It should be noted that, in the conventional method, the average treatment time length of all cases in the initial cluster most similar to the symptoms of the registered patient is used to predict the treatment time length of the registered patient, and is used as the reference treatment time length of the patient in the case, so as to estimate the waiting time of the subsequently queued patient.

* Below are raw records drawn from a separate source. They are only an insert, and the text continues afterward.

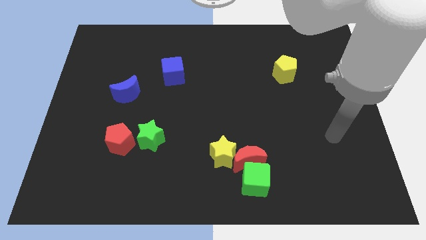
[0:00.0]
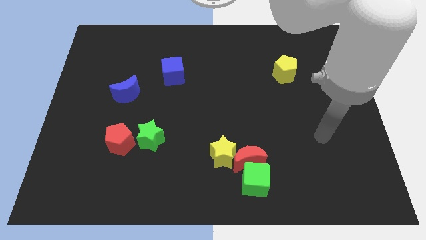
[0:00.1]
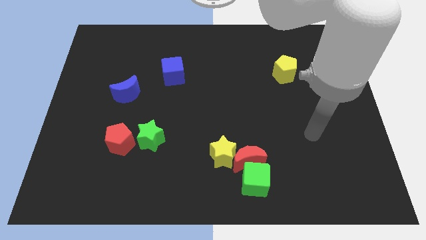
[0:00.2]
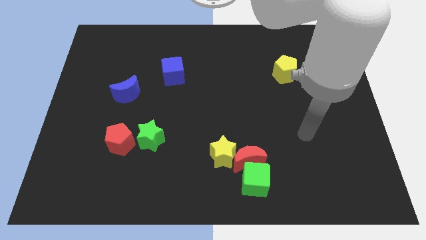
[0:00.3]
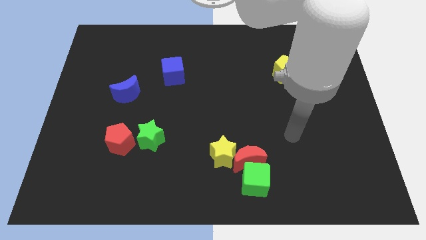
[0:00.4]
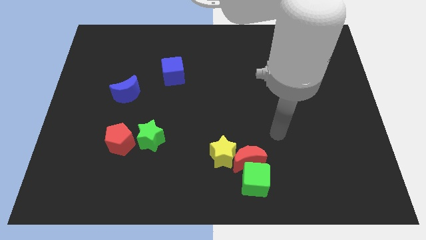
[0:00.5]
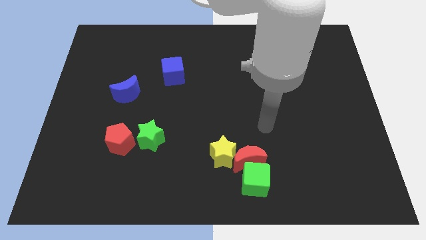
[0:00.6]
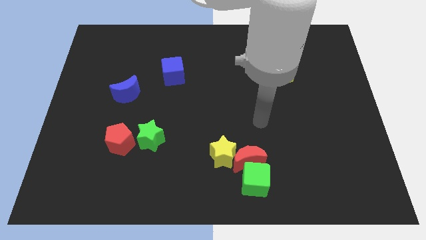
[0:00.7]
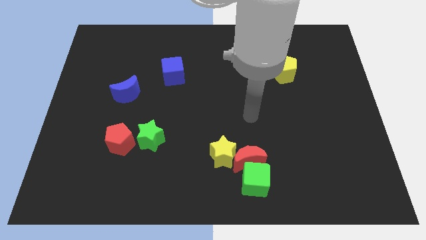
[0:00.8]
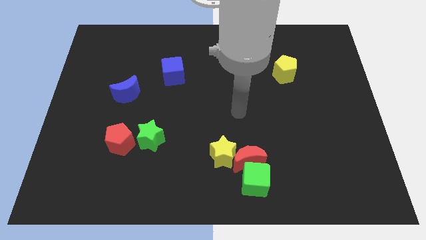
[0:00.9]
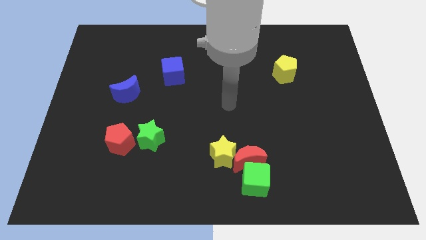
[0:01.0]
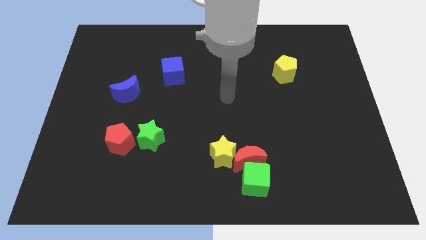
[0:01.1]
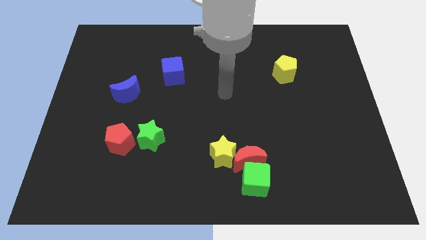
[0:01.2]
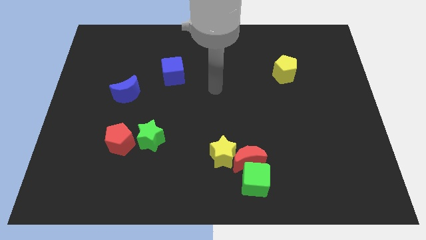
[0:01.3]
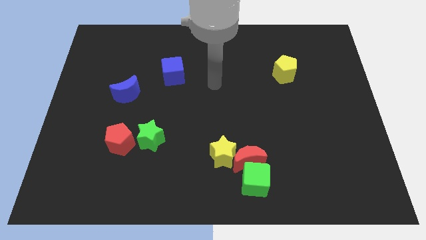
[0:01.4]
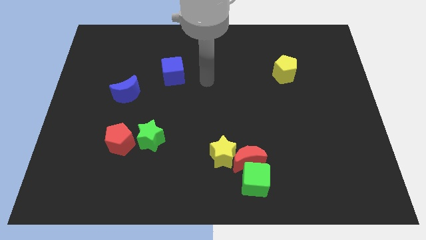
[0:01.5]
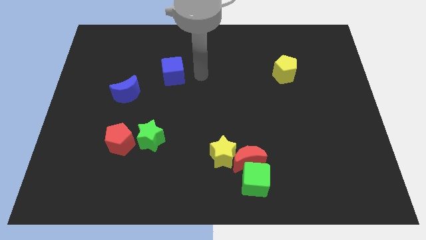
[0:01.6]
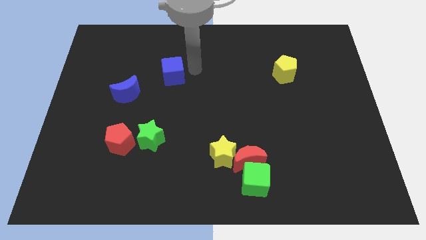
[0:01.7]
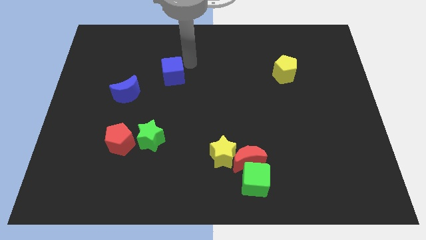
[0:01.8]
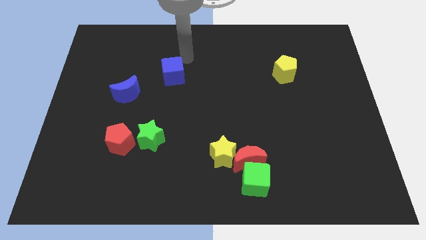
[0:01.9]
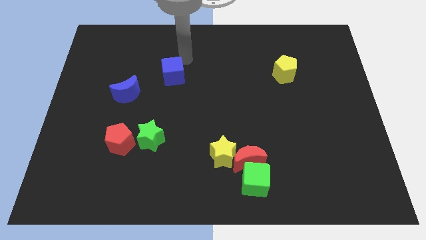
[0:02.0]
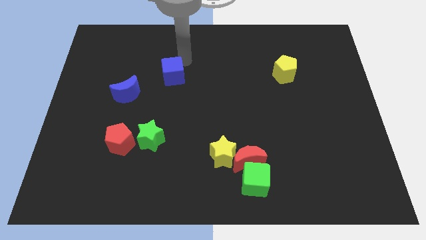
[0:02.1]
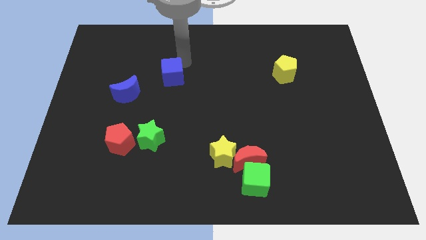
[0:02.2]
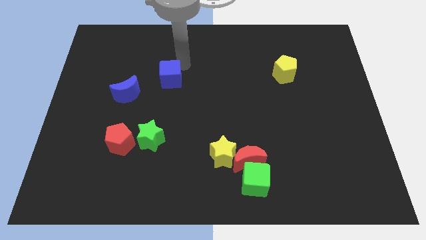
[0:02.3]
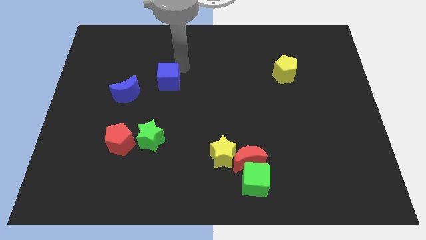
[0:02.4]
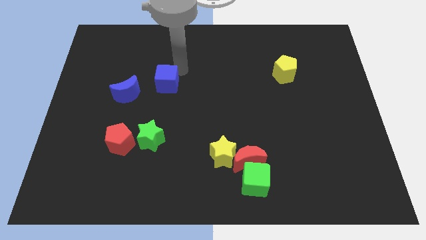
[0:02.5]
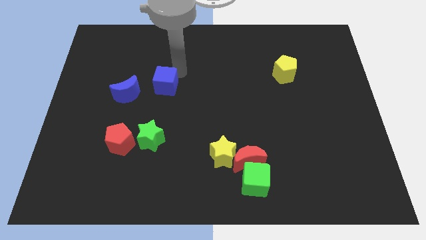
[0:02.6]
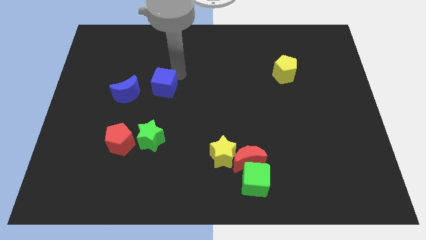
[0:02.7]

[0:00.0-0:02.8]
put the blue cube to the top side of the green star

It should be further noted that, since all cases are independent, after the diagnosis duration of all cases in each initial cluster is normalized, the fitting line from short to long along the diagnosis duration is actually a direct proportional relationship curve of the length of the diagnosis duration and the type of case. However, the case type is a general concept rather than a quantifiable characteristic index, so that a proper fitting point needs to be screened, and a linear regression model of different case characteristic indexes and the time length of treatment is re-fitted. The treatment time of the case data in the same initial cluster may be distributed discretely, so that a finer clustering method is to reselect a plurality of new cluster centers to obtain local split clusters according to the distribution condition of the treatment time of the cases in the same initial cluster, and the cluster centers of the classified clusters can be used as effective fitting points of the subsequent linear regression process. In summary, the split clusters need to be formed according to the local distribution density, and thus are suitable for the DBSCAN algorithm.

Specifically, a case sequence is obtained according to the treatment time of all cases, the case sequence is divided into a plurality of split clusters through different split cluster dividing modes, an objective function of each split cluster dividing mode is constructed according to the characteristic parameters of all initial clusters and all cases, and the case sequence is divided into a plurality of optimal split clusters according to the split cluster dividing mode corresponding to the maximum value of the objective function, wherein the specific process is as follows:

(1) And arranging all cases according to the order of the treatment duration from small to large, and if the treatment duration is the same, arranging according to the generation time of the cases to obtain a case sequence.

(2) A length L is preset, where the embodiment is described by taking l=11 as an example, and the embodiment is not specifically limited, and L is determined according to the specific implementation situation. Obtaining a window which takes each case in the case sequence as a center and has the length equal to the preset length L, and recording the window as the window of each case; according to the window of each case, calculating the characteristic parameters of each case, wherein the specific calculation formula is as follows:

in the method, in the process of the invention,characteristic parameters representing the v-th case in the case sequence,/->The number of cases belonging to the same initial cluster as the v-th case in the window representing the v-th case in the case sequence, L represents a preset length, +.>Mean cosine similarity representing the v-th case in the case sequence,/->Maximum value representing the average cosine similarity of all cases in a sequence of cases,/->The cosine similarity between the v-th case and the r-th case excluding the v-th case in the case sequence is represented, and M represents the number of all cases.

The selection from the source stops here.